3. Numbered Heads Together
A Kagan cooperative learning structure that solves the accountability problem in group discussion.
How it works: students are in groups of four, each with a number. You pose a question. The group discusses and makes sure everyone understands the answer and is ready to share. You call a number — and every student with that number reports out for their group.
Why it works for ELL students: nobody is cold-called. The group discussion prepares every student to share confidently. The sentence frame provides the language for sharing. And because every student must be ready, every student stays accountable and engaged — no disappearing behind a higher-level partner.

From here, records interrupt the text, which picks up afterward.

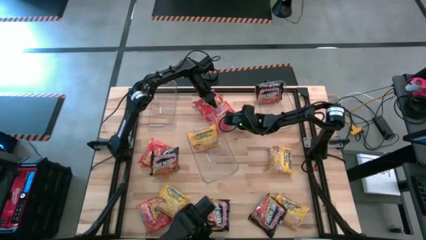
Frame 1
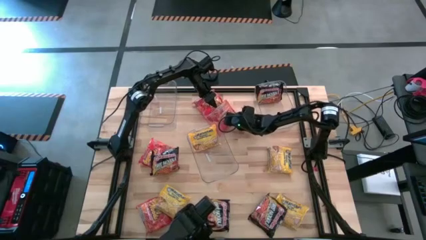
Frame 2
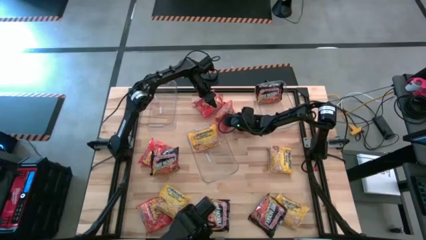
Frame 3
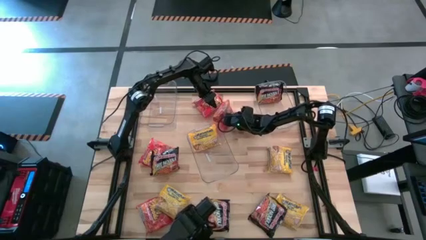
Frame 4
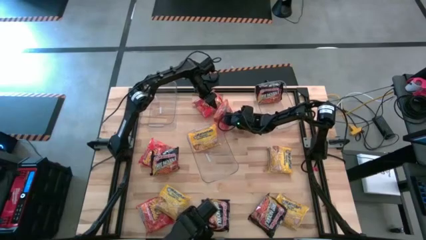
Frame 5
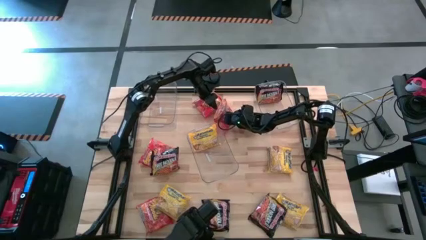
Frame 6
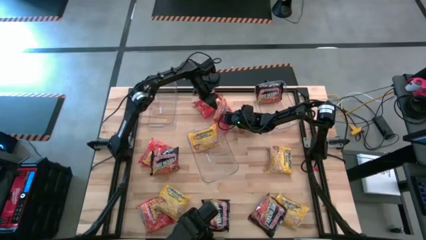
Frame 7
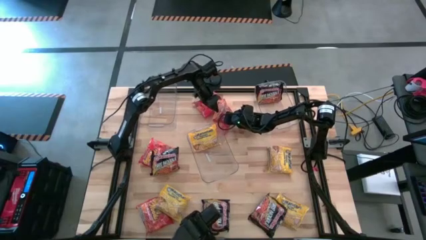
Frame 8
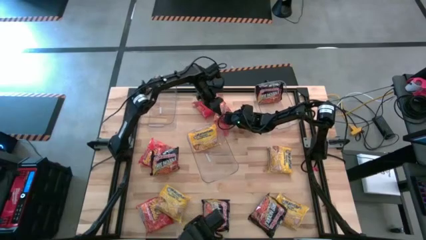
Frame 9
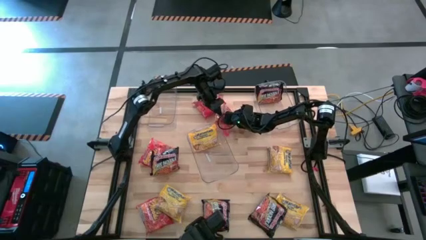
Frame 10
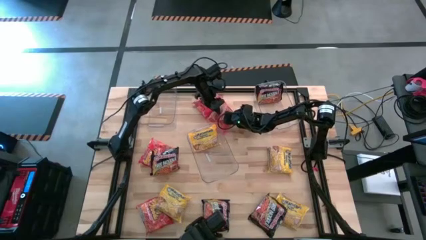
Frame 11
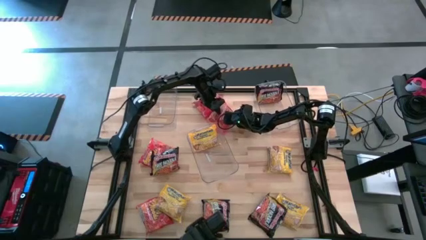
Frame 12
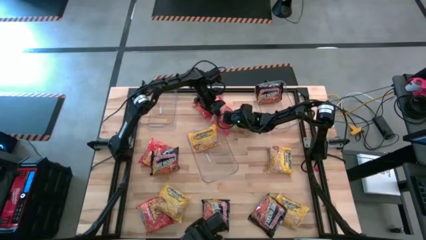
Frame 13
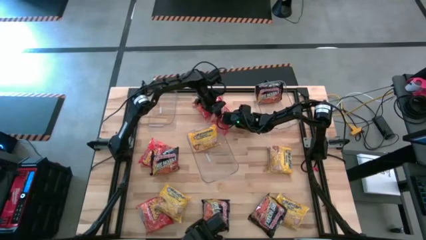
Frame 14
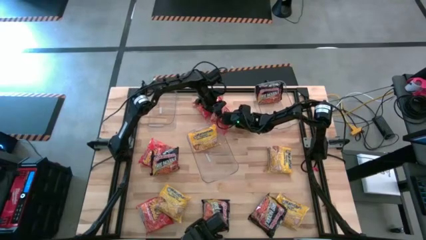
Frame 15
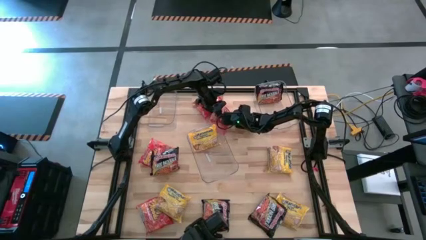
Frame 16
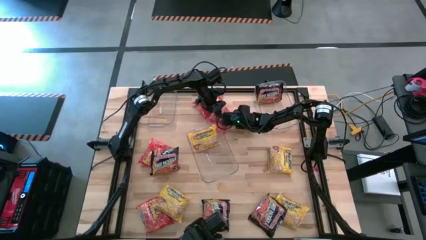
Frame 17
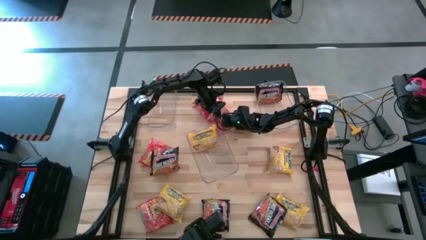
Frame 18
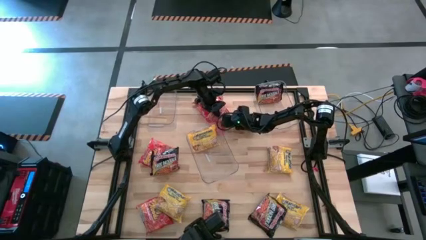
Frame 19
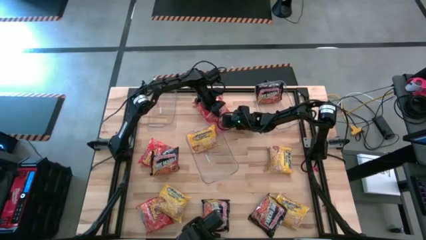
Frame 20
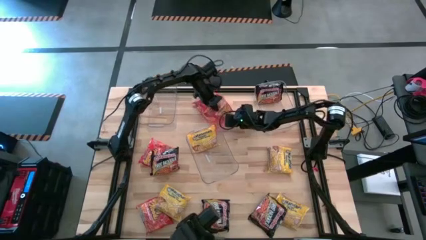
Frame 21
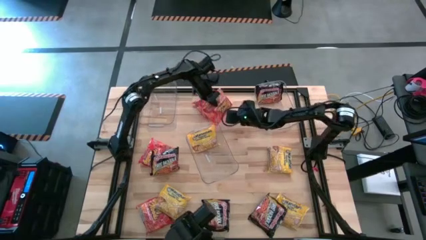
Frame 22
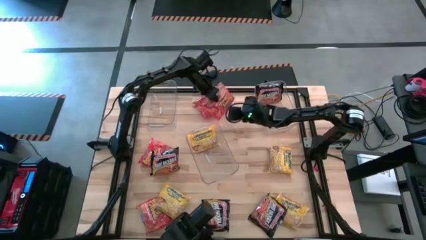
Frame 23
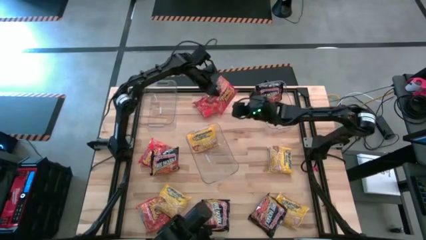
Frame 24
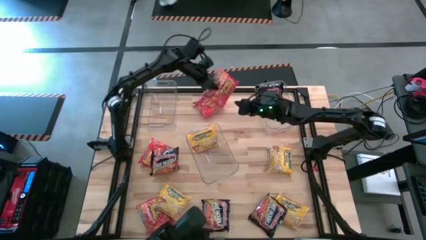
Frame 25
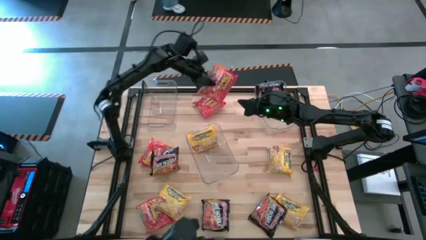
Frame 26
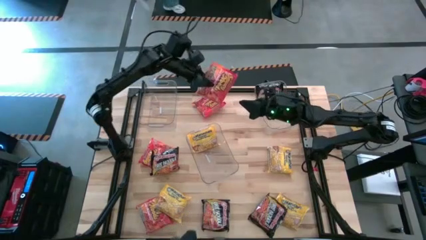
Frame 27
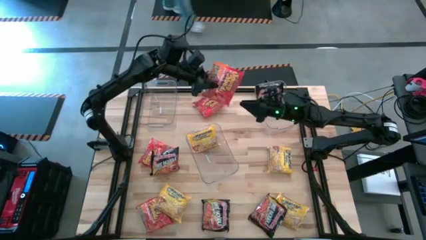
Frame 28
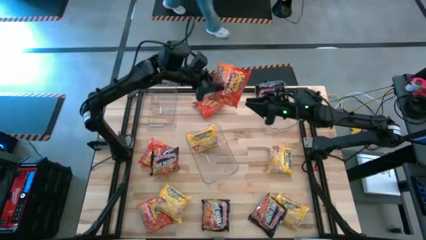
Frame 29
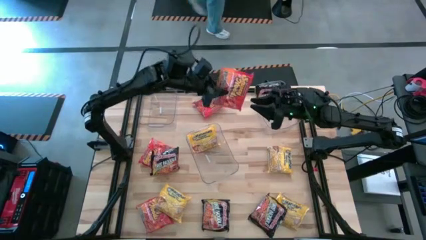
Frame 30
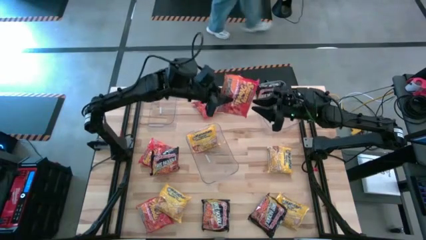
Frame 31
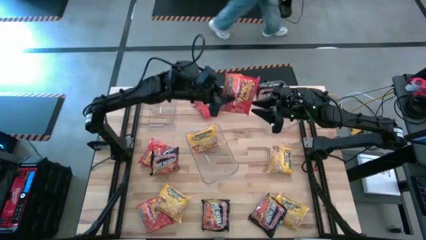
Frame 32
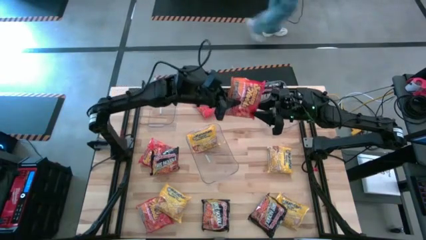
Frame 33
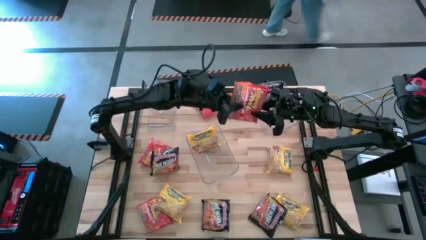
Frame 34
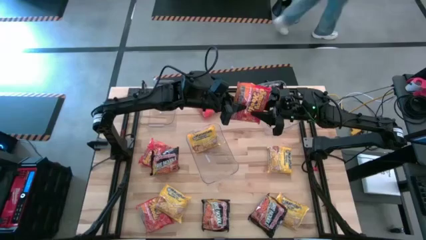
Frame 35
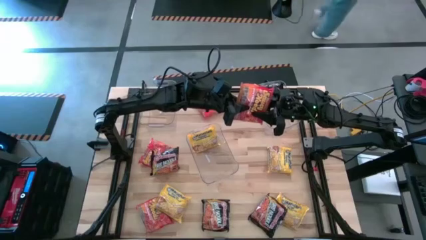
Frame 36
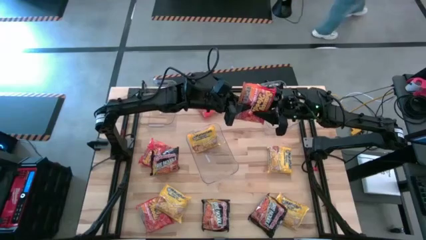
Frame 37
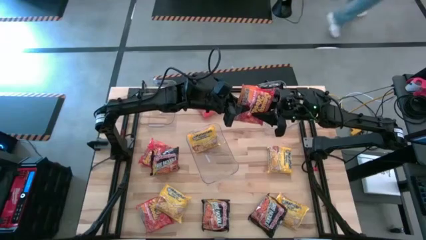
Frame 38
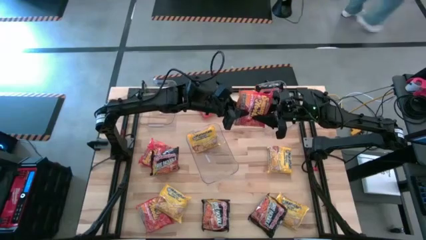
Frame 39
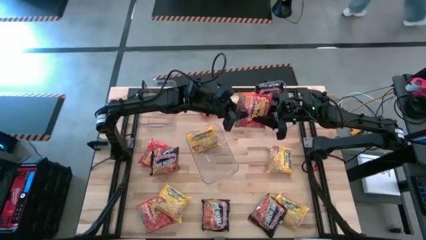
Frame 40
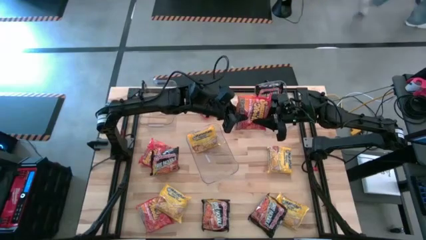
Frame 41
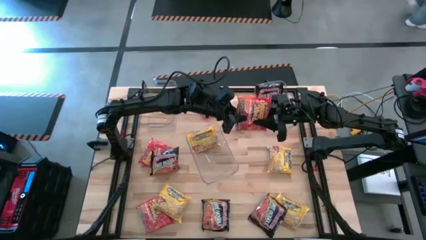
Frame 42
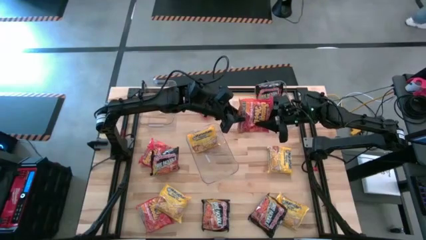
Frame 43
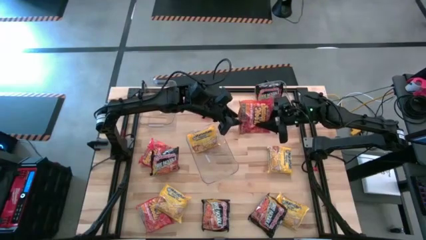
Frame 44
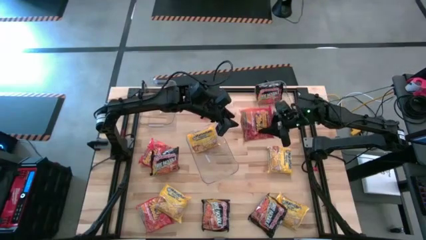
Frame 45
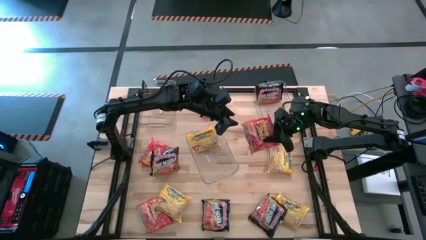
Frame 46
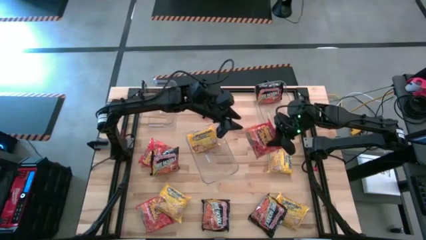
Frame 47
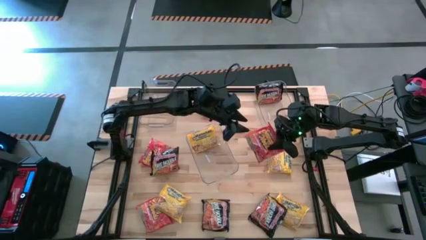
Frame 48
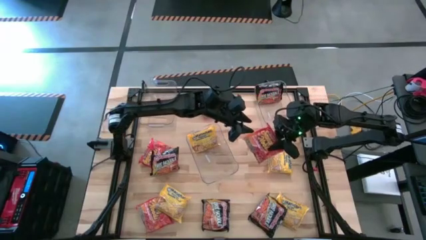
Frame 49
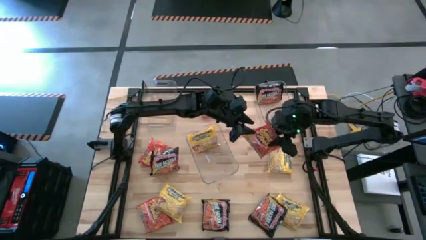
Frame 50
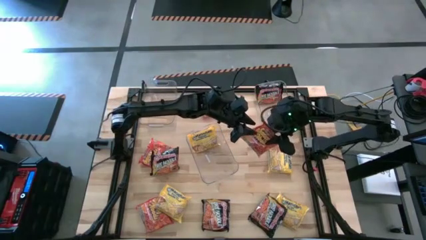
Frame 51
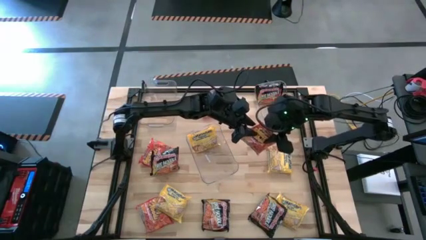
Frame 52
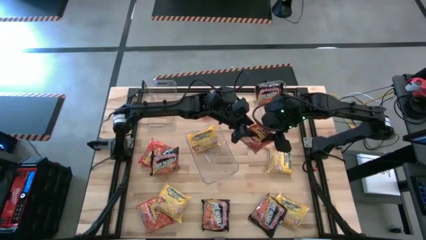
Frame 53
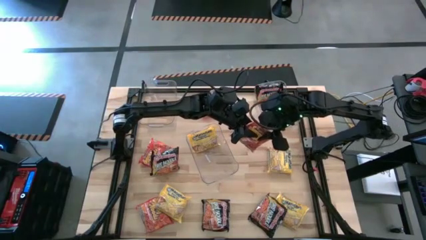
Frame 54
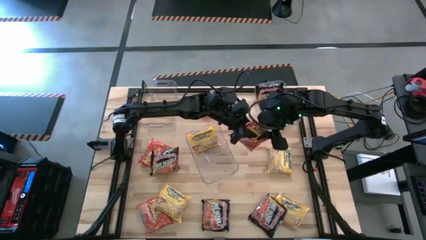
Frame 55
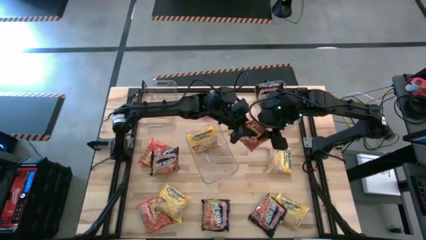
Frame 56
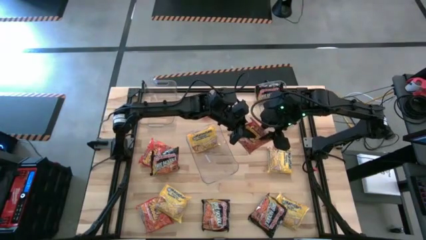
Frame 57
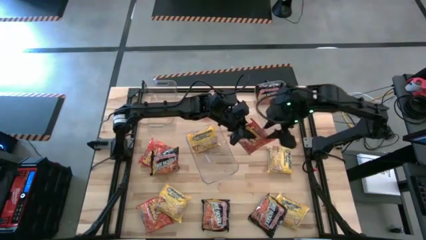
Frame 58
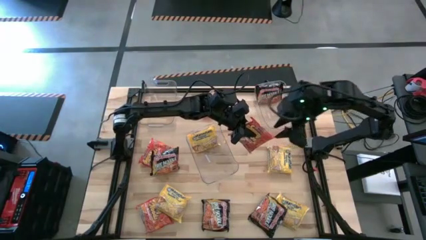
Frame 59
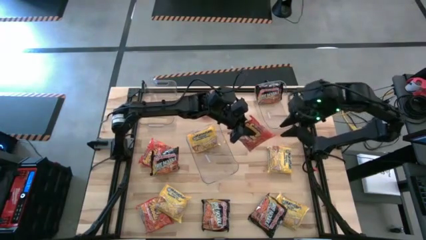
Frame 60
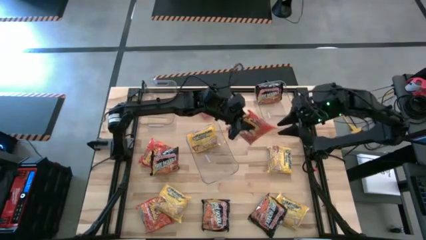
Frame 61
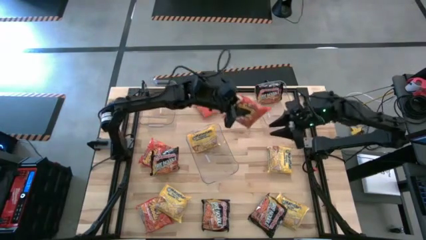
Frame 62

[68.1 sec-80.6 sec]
Task: Sort Maruchan noodles
Put the orange noodle pack into the top left transparent bin

4. Academic Conversation Cards
This activity shifts speaking from answering questions to genuinely engaging with another person’s ideas — which is the most commonly overlooked language function in ELL classrooms.

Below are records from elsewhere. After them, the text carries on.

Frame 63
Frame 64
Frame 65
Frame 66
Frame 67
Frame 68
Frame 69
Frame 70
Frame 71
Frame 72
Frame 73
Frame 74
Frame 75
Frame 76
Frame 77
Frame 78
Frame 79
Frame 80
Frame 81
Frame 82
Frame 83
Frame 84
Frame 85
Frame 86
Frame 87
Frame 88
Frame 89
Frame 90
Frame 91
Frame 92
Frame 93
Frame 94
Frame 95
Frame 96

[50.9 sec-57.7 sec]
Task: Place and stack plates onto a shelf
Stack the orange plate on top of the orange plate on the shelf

Each card gives students a talk move and a sentence starter. I want to add on to what you said — I think ___. I respectfully disagree because ___. Can you explain what you meant by ___? What evidence supports your idea?
Students are each given a hand of cards and must use all of them during a discussion. The goal is to use every card by the end of the conversation.
This builds the language moves that show up on academic tasks and assessments but are rarely explicitly practiced — evaluating, questioning, building on, respectfully disagreeing. These are skills every student needs. Making them visible through cards makes them low-stakes and learnable.
5. The 5-Minute Daily Speaking Routine
Not a specific activity — a daily structure that produces more language growth than any single elaborate activity could.
A picture prompt on the board. A sentence frame. Thirty seconds of whisper time. Sixty seconds of partner talk. One or two pairs share out. Five minutes. Every session. Every group.
Why the routine matters more than the content: when speaking practice is daily and predictable, it becomes safe. The affective filter drops. Risk-taking increases. And because students are using academic language every single day in a low-stakes context, that language begins to internalize.
Members of Equipping ELLs consistently report the daily speaking routine as the single highest driver of language growth — not because any individual prompt was transformative, but because the consistency compounded over time.
Routine beats variety for language acquisition. Build the routine first. Add variety within it over time.
What a Mixed-Level Lesson Looks Like
You start with the five-minute picture prompt routine — same prompt for everyone, tiered frames by level, oral and written output based on stage. In the middle of the lesson, sentence frame partner talk as a processing break with two levels of frame. At the end, numbered heads to check understanding with a share-out frame that lets every level participate.
Twelve to fifteen minutes of structured speaking in a forty-five minute lesson. Not extra time — built into the instruction itself.